1. ALTER DATABASE * * * SET PARTNER RESUME

If this step does not work, you need to trigger a transaction, because occasionally we encounter the synchronizing state, can trigger a transaction repair, the reason may be the mirror because of network reasons ice a bit

2. CREATE table dbo.tb_repair_mirroring_**** (ID int), and then delete the table

When this repair is also a failure, we need to try to remove the image and then reapply, of course, the premise of success must ensure that the Master/slave transaction log can be rolled forward, that is, the transaction log chain is not lost or destroyed

3. ALTER DATABASE * * * Set PARTNER OFF and reapply ALTER DATABASE * * * Set PARTNER = ' tcp://*** ' (similar statement)

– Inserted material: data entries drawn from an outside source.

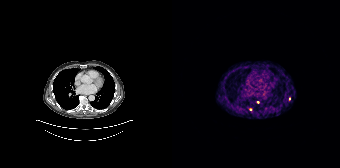
{"modality":"PSMA PET/CT","view":"axial","tracer":"68Ga","pet_grid":[168,168],"coord_frame":"pet_panel","coord_format":"x0,y0,x1,y1","partial":true,"lesion_bboxes":[],"small_foci_centers":[[117,99]]}
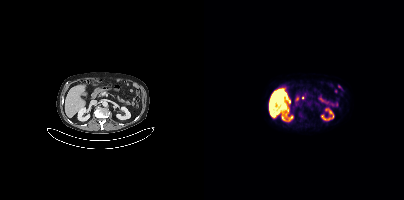
Negative for PSMA-avid disease on this slice. Left: CT. Right: PSMA PET, same axial level, 18F-PSMA tracer. Acquired on Siemens Biograph mCT Flow 20. PET panel 200×200 px (4.1 mm/px).
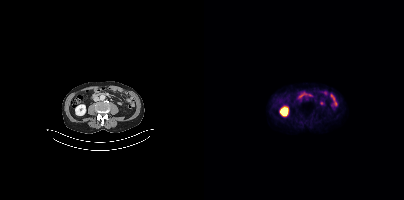
Paired axial CT (left) and PSMA PET (right), 18F-PSMA tracer. Slice position z = -761 mm. No tumor lesions annotated on this slice.
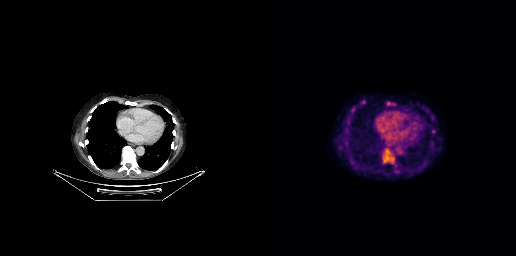
Coordinates are on the 256×256 PET (right) panel. Small PSMA-avid focus (2 to 4 px across) near (center x, center y): (123, 159). Paired axial CT (left) and PSMA PET (right), 18F tracer. Acquired on GE Discovery 690.
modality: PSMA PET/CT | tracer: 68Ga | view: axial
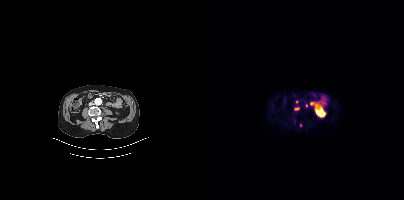
Coordinates are on the 200×200 PET (right) panel. PSMA-avid tumor lesion bounding box (x0, y0)-(x1, y1): (91, 108)-(95, 109). Small PSMA-avid foci (2 to 4 px across) near (center x, center y): (96, 125); (102, 105); (92, 101).
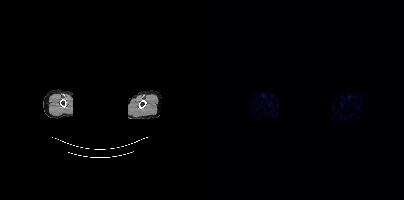
{"modality":"PSMA PET/CT","view":"axial","tracer":"68Ga","pet_grid":[200,200],"coord_frame":"pet_panel","coord_format":"x0,y0,x1,y1","redaction":"face masked with black rectangle","psma_avid_lesions":false}
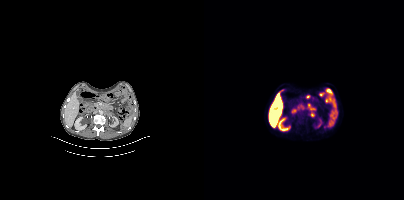
modality: PSMA PET/CT | tracer: [18F]PSMA-1007 | view: axial | PET grid: 200×200
Coordinates are on the 200×200 PET (right) panel. PSMA-avid tumor lesion bounding box (x0, y0)-(x1, y1): (104, 104)-(110, 117).
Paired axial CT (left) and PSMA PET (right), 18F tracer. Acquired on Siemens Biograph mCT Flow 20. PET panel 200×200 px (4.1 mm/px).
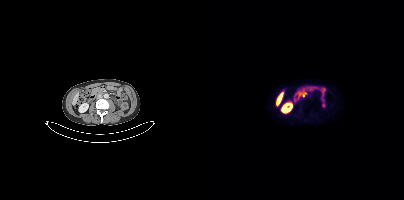
No PSMA-avid tumor lesions on this slice.
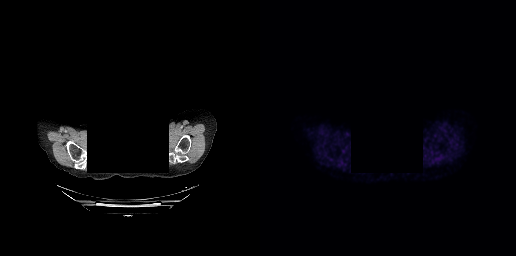
de-identification: privacy mask over head | modality: PSMA PET/CT | tracer: [18F]PSMA-1007 | view: axial
No PSMA-avid tumor lesions on this slice.
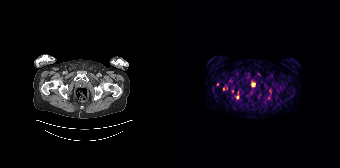
Findings: Coordinates are on the 168×168 PET (right) panel. (showing 4 of 5 foci) Small PSMA-avid foci (2 to 4 px across) near (center x, center y): (98, 91) | (51, 88) | (54, 88) | (65, 97).
- Left: CT. Right: PSMA PET, same axial level, 68Ga-PSMA tracer
- PET panel 168×168 px (4.1 mm/px)
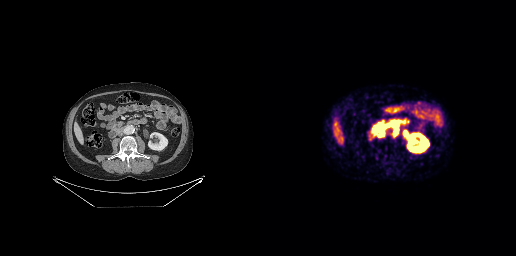
{"modality":"PSMA PET/CT","view":"axial","tracer":"68Ga","pet_grid":[256,256],"coord_frame":"pet_panel","coord_format":"x0,y0,x1,y1","lesion_bboxes":[[133,125,138,134],[117,133,123,137]]}

4. If the above can not be repaired, the only way to fix it is to rebuild the image, and until now, this is a problem, it can be said that the last trick

But unfortunately, all of the methods have been used and have not been able to repair, or continue to appear this error.

Errorlog Main Library:

2014-12-17 15:57:30.640 spid33s error:1453, Severity:16, State:1.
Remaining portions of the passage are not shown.